Os reformados da Confissão de Fé de Westminster que declararam que uma vez que a Escritura está completa, "cessaram aqueles antigos modos de Deus revelar sua vontade ao seu povo" (I.1), complementaram isso dizendo que o critério último através do qual todas as disputas teológicas precisam ser solucionadas é "o Espírito Santo falando nas Escrituras" (I, 10). Os reformados criam em "iluminação espiritual", ou seja, que Deus pode sim falar comigo hoje. Ele pode me orientar nas decisões do dia a dia, mas não fará isso independentemente da Bíblia. Se Deus quiser, pode até mandar um anjo falar comigo, ou um sonho, ou a palavra iluminada de um crente fiel (alguém poderia dizer que Deus pode usar até uma mula se quiser, como no caso de Balaão). Mas nada disso será o critério final para eu saber qual é a vontade dele, até porque Paulo disse que se um anjo viesse falar aos gálatas um evangelho diferente daquele já revelado deveria ser considerado maldito (Gl 1.8). O meu critério é a Escritura. Através dela eu interpreto o modo como Deus fala na natureza. Através dela eu interpreto o modo como Deus pode falar no meu coração ou através de algum crente fiel. Estritamente, portanto, eu jamais chamaria esse "falar de Deus" de "nova revelação", pois se fosse, a Escritura não poderia ser juiz dele. Se a Escritura é seu juiz é porque esse falar de Deus não é novo, mas apenas um desdobramento daquilo que a Escritura já disse. Por isso o termo correto é iluminação.

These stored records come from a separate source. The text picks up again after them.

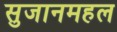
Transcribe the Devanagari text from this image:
सुजानमहल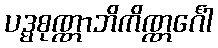
ပဒ္မစုဏ္ဏာဘိကိဏ္ဏင်္ဂေါ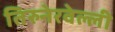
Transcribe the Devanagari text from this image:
तिरुनेरवेल्ली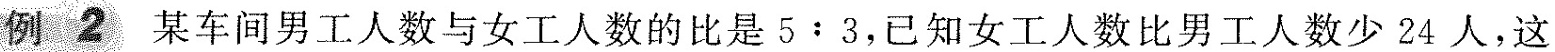
例2 某车间男工人数与女工人数的比是5﹔3，已知女工人数比男工人数少24人，这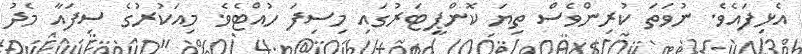
އެޅިފައެވެ. ނުވަތަ ކުރިންވެސް ތިޔަ ކޮންޕީޓަރުގައި މިސިފަ ހުއްޓެވެ. މިއަކުރުގެ ސިފައާ މެދު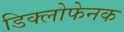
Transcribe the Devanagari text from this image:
डिक्लोफेनक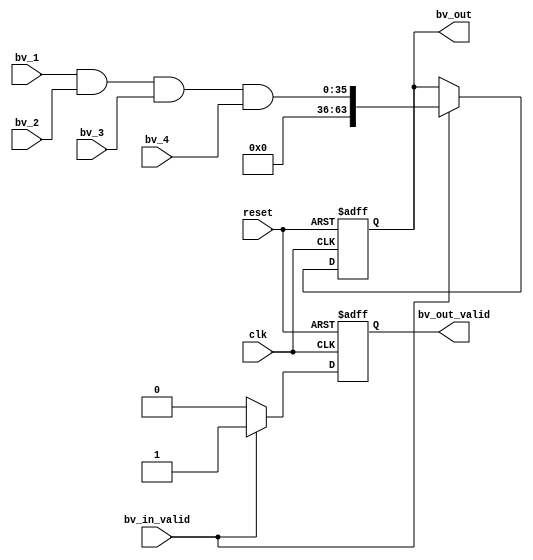
// This program was cloned from: https://github.com/FAST-Switch/fast
// License: Apache License 2.0


`timescale 1ns/1ps

module bv_and_4(
clk,
reset,

bv_in_valid,
bv_1,
bv_2,
bv_3,
bv_4,
bv_out_valid,
bv_out

);

input clk;
input reset;
input bv_in_valid;
input [35:0]  bv_1;
input [35:0]  bv_2;
input [35:0]  bv_3;
input [35:0]  bv_4;
output  reg         bv_out_valid;
output  reg [63:0]  bv_out;

always @(posedge clk or negedge reset)
begin
    if(!reset)
      begin
          bv_out <= 64'b0;
          bv_out_valid <= 1'b0;
      end
    else
      begin
          if(bv_in_valid == 1'b1)
            begin
                bv_out <= {28'b0,bv_1 & bv_2 & bv_3 &bv_4};
                bv_out_valid <= 1'b1;
            end
          else  bv_out_valid <= 1'b0;
      end
end













endmodule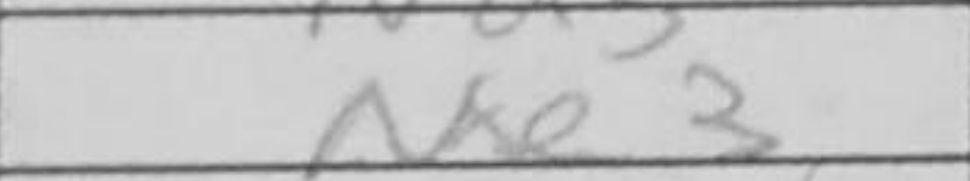
Transcription: Ne3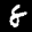
Label: 8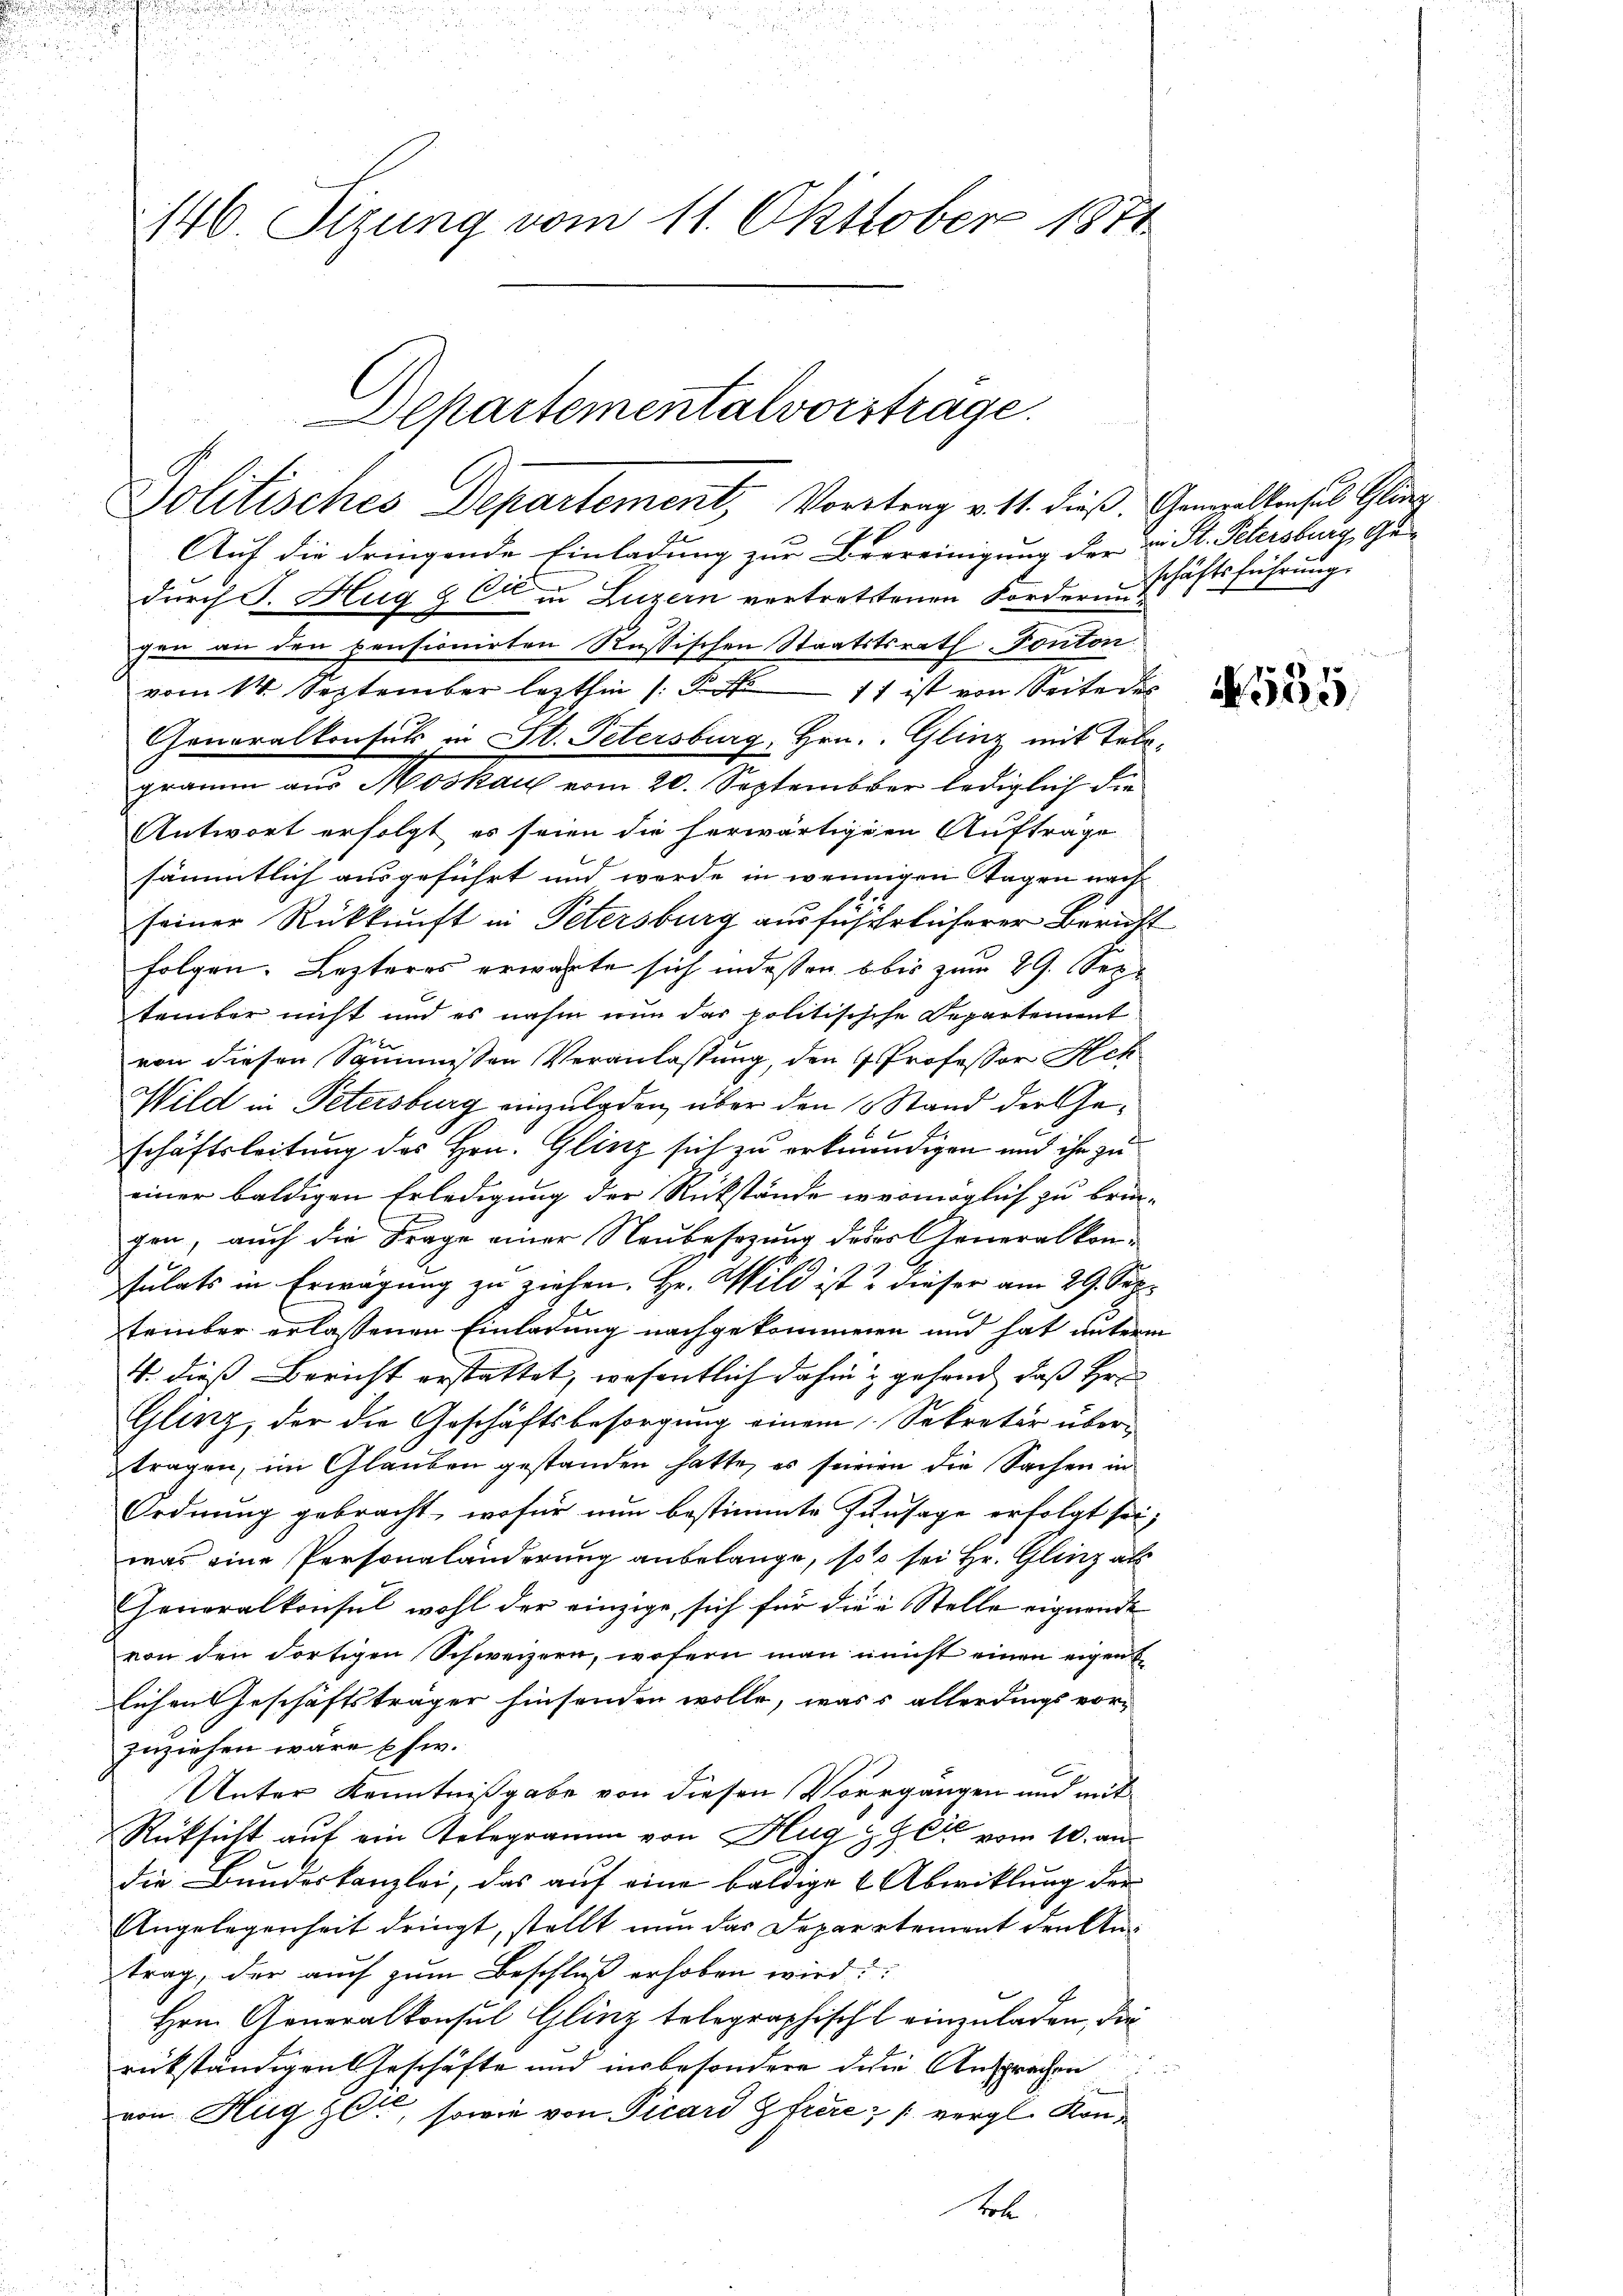
146. Sizung vom 11. Okttober 1871

Departementalvorstrage.
Politisches Departement, Vortrag v. 11. dieß. Gempelten ses Glanz

Auf die dringende Einladung zur Beereinigung der v. St. Petersburg, Gedurch J. Hug & Cie in Luzern vertrettenen Forderung
gen an den pensionirten Russischen Staatstsrath. Vonton
vom 14. September lezthin (S. 11 ist von Seite des
Generalkonsuls in St. Petersburg, Hrn. Glinz mit Telegramm aus Moskau vom 20. September lediglich die
Antwort erfolgt es seien die herwärtigern Aufträge
sämmtlich ausgeführt und werde in wennigen Tagen nach
seiner Rückkunft in Petersburg ausführlicherer Bericht
folgen. Lezteres erwarte sich indessen bis zum 29. Sep
tember nicht und es nahm nun das politisische Departement
von diesen Sommissen Veranlassung, den 4 Professor Ack
Wild in Petersburg einzuladen, über den 3 Stand der Geschäftsleitung des Hrn. Glinz sich zu erkundigen und ihn zu
einer baldigen Erledigung der Rückstände womöglich zu brin-
gen, auch die Frage einer Neubesezung deser Generalkonsulats in Erwägung zu ziehen. Hr. Wild ist? dieser am 29. September erlassenen Einladung nachgekommenen und hat unterm
4. dieß Bericht erstattet, wesentlich dahin u gehend, daß Hrn
Glinz, der die Geschäftsbesorgung einem Sekretär übertragen, im Glauben gestanden hatte, es seinen die Sachen in
Ordnung gebracht, wofür nun bestimmte Hunsage erfolgt sei;
was eine Personaländerung anbelange, so sei Hr. Glinz als
Generalkonsul wohl der einzige, sich für die Stelle eignende
von den Fortigen Schweizern, wofern man unst einen eigen
lichen Geschäftsträger hinsenden wolle, wass allerdings vor-
zuziehen wäre Ehe.
Unter Kenntnißgabe von diesen Vorrgangen und mit
Rücksicht auf ein Telegramm von Hugger vom 10. andie Bundeskanzlei, das auf eine baldige & Abwicklung der
Angelegenheit dringt, stellt nun das Departement den Antrag, der auch zum Beschluß erhoben wird?
Hrn. Generalkonsul Glinz telegraphischt einzuladen, die
i
rükständigen Geschäfte und insbesondere dem Ansprachen
s
von Hugger, sowie von Picard Gfrere vergl. Kontoll

schäftsführung

535

Concluo dizendo que não creio em "novas revelações normativas", pois se acreditasse teria que dizer que a Bíblia ainda está sendo escrita. Creio que Deus "fala". O Espírito Santo habita o crente e o dirige, e ainda lhe deu um critério infalível para saber quando de fato ele está falando: a Escritura. Portanto, na minha opinião falar em ser estritamente continuacionista ou cessacionista é uma falácia metodológica. Alguns dons cessaram, outros não. Dons revelacionais eram temporários e cessaram, dons ministeriais continuam em ação. Acima de tudo, sejamos criteriosos. Não queiramos impor limitações para Deus, mas não nos esqueçamos dos limites que ele mesmo impôs: aquilo que ele já revelou e ordenou que fosse registrado na Escritura.

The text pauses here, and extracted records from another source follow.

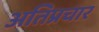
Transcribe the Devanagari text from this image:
अतिप्रचार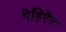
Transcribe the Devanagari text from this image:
ऐड्रिऐन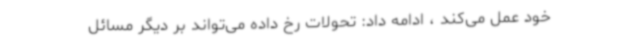
خود عمل می‌کند ، ادامه داد: تحولات رخ داده می‌تواند بر دیگر مسائل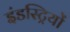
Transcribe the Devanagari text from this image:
इंडस्ट्रियों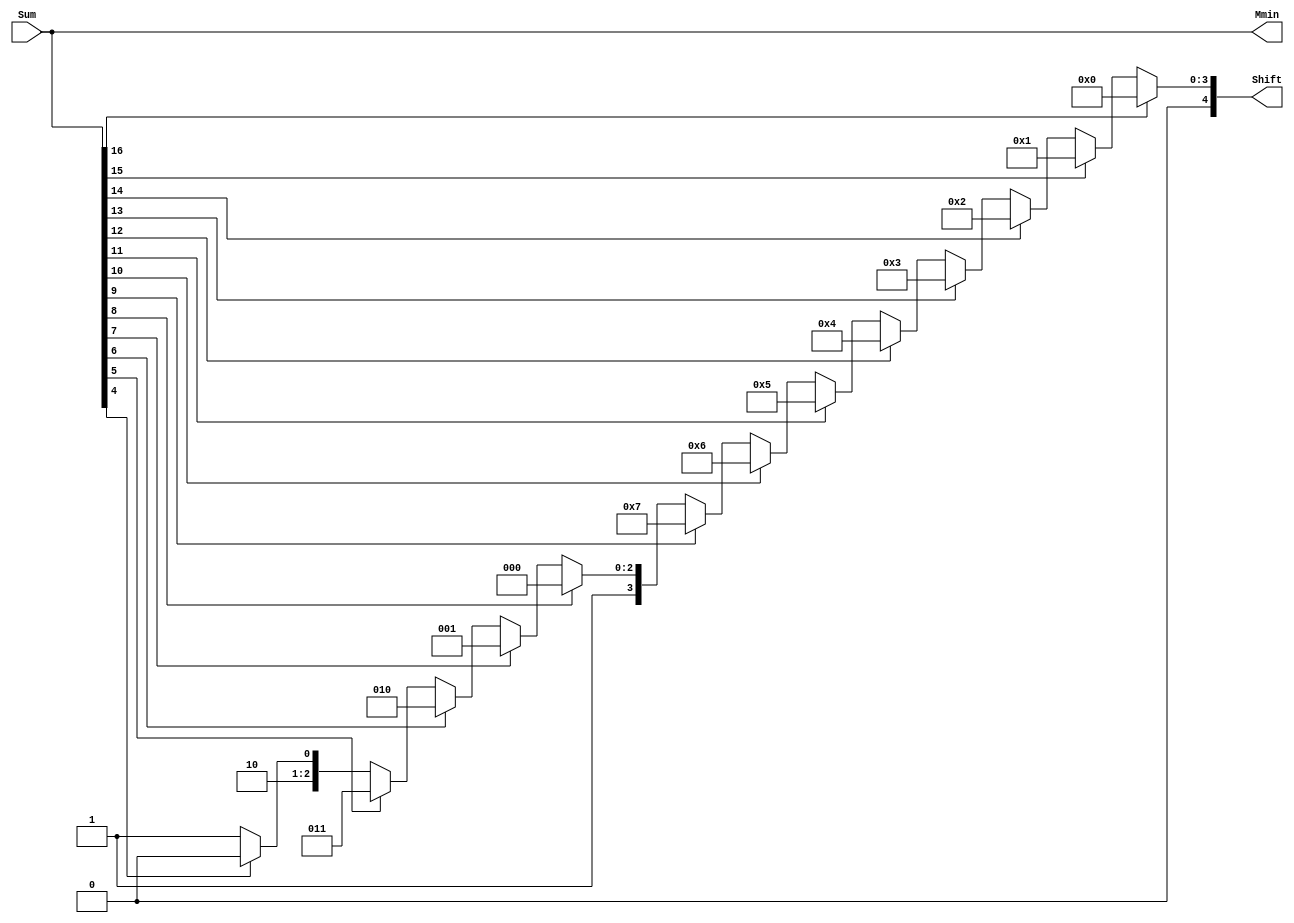
`define BFLOAT16 
`define VCS
`define EXPONENT 8
`define MANTISSA 7
`define EXPONENT 5
`define MANTISSA 10
`define SIGN 1
`define DWIDTH (`SIGN+`EXPONENT+`MANTISSA)
`define AWIDTH 10
`define MEM_SIZE 1024
`define DESIGN_SIZE 12
`define CU_SIZE 4
`define MASK_WIDTH 4
`define MEM_ACCESS_LATENCY 1
`define REG_DATAWIDTH 32
`define REG_ADDRWIDTH 8
`define ITERATIONS_WIDTH 32
`define REG_STDN_ADDR 32'h4
`define REG_MATRIX_A_ADDR 32'he
`define REG_MATRIX_B_ADDR 32'h12
`define REG_MATRIX_C_ADDR 32'h16
`define REG_VALID_MASK_A_ADDR 32'h20
`define REG_VALID_MASK_B_ADDR 32'h5c
`define REG_ITERATIONS_ADDR 32'h40
`define PE_PIPELINE_DEPTH 5
`define IDLE     2'b00
`define W_ENABLE  2'b01
`define R_ENABLE  2'b10

module FPAddSub_NormalizeModule(
		Sum,
		Mmin,
		Shift
    );

	// Input ports
	input [`DWIDTH:0] Sum ;					// Mantissa sum including hidden 1 and GRS
	
	// Output ports
	output [`DWIDTH:0] Mmin ;					// Mantissa after 16|0 shift
	output [4:0] Shift ;					// Shift amount
	//Changes in this doesn't matter since even Bfloat16 can't go beyond 7 shift to the mantissa (only 3 bits valid here)  
	// Determine normalization shift amount by finding leading nought
	assign Shift =  ( 
		Sum[16] ? 5'b00000 :	 
		Sum[15] ? 5'b00001 : 
		Sum[14] ? 5'b00010 : 
		Sum[13] ? 5'b00011 : 
		Sum[12] ? 5'b00100 : 
		Sum[11] ? 5'b00101 : 
		Sum[10] ? 5'b00110 : 
		Sum[9] ? 5'b00111 :
		Sum[8] ? 5'b01000 :
		Sum[7] ? 5'b01001 :
		Sum[6] ? 5'b01010 :
		Sum[5] ? 5'b01011 :
		Sum[4] ? 5'b01100 : 5'b01101
	//	Sum[19] ? 5'b01101 :
	//	Sum[18] ? 5'b01110 :
	//	Sum[17] ? 5'b01111 :
	//	Sum[16] ? 5'b10000 :
	//	Sum[15] ? 5'b10001 :
	//	Sum[14] ? 5'b10010 :
	//	Sum[13] ? 5'b10011 :
	//	Sum[12] ? 5'b10100 :
	//	Sum[11] ? 5'b10101 :
	//	Sum[10] ? 5'b10110 :
	//	Sum[9] ? 5'b10111 :
	//	Sum[8] ? 5'b11000 :
	//	Sum[7] ? 5'b11001 : 5'b11010
	);
	
	reg	  [`DWIDTH:0]		Lvl1;
	
	always @(*) begin
		// Rotate by 16?
		Lvl1 <= Shift[4] ? {Sum[8:0], 8'b00000000} : Sum; 
	end
	
	// Assign outputs
	assign Mmin = Lvl1;						// Take out smaller mantissa

endmodule

[1] Calvino parece não ver ligação entre o Domingo e o quarto mandamento, como posteriormente os Puritanos claramente veriam. Antes, entende que o Sábado foi abolido e o Domingo foi instituído para "fins eclesiásticos e políticos", ou seja, para que os trabalhadores tenham um dia de descanso e a igreja um dia para se reunir: "Pois, visto que para suprimir-se a superstição se impunha isto, foi abolido o dia sagrado observado pelos judeus; e como era necessário para se conservarem o decoro, a ordem e a paz na Igreja, designou-se outro dia, o domingo, para este fim" (Institutas, II, 33). Calvino inclusive entendia que, se uma igreja quisesse escolher outro dia para se reunir, embora ele próprio entendesse ser o Domingo o dia mais indicado, contudo não se oporia: "A tal ponto, contudo, não me prendo ao número sete que obrigue a Igreja à sua servidão, pois não haverei de condenar as igrejas que tenham outros dias solenes para suas reuniões, desde que se guardem da superstição. Isto ocorrerá, se se mantiver a observância da disciplina e da ordem bem regulada" (Institutas, II, 34).

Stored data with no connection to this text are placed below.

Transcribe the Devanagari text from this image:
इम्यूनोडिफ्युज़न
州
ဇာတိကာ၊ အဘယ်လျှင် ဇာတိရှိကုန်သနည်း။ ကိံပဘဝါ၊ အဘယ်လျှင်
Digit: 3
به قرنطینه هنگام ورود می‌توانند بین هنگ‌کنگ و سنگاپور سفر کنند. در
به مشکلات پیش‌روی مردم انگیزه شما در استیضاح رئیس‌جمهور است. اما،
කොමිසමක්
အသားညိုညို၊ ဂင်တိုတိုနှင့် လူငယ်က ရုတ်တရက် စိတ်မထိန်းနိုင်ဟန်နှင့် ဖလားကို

[2] "Como é lei da natureza que, em geral, uma devida proporção do tempo seja destinada ao culto de Deus, assim também em sua palavra, por um preceito positivo, moral e perpétuo, preceito que obriga a todos os homens em todos os séculos, Deus designou particularmente um dia em sete para ser um sábado (descanso) santificado por Ele; desde o princípio do mundo, até a ressurreição de Cristo, esse dia foi o último da semana; e desde a ressurreição de Cristo foi mudado para o primeiro dia da semana, dia que na Escritura é chamado Domingo, ou dia do Senhor, e que há de continuar até ao fim do mundo como o sábado cristão" (CFW, XXI.7).

[3] Exceto, é claro, R. T. Kendall e os antinomianos...

[4] No caso do dom de curar, é interessante que Paulo não parece mais evidenciá-lo no final de seu ministério quando ao invés de curar Timóteo mandou que ele bebesse vinho misturado com água por causa de suas constantes enfermidades de estômago (1Tm 5.23). E também, em outra ocasião, ao invés de curar Trófimo, diz que deixou-o doente em Mileto (2Tm 4.20)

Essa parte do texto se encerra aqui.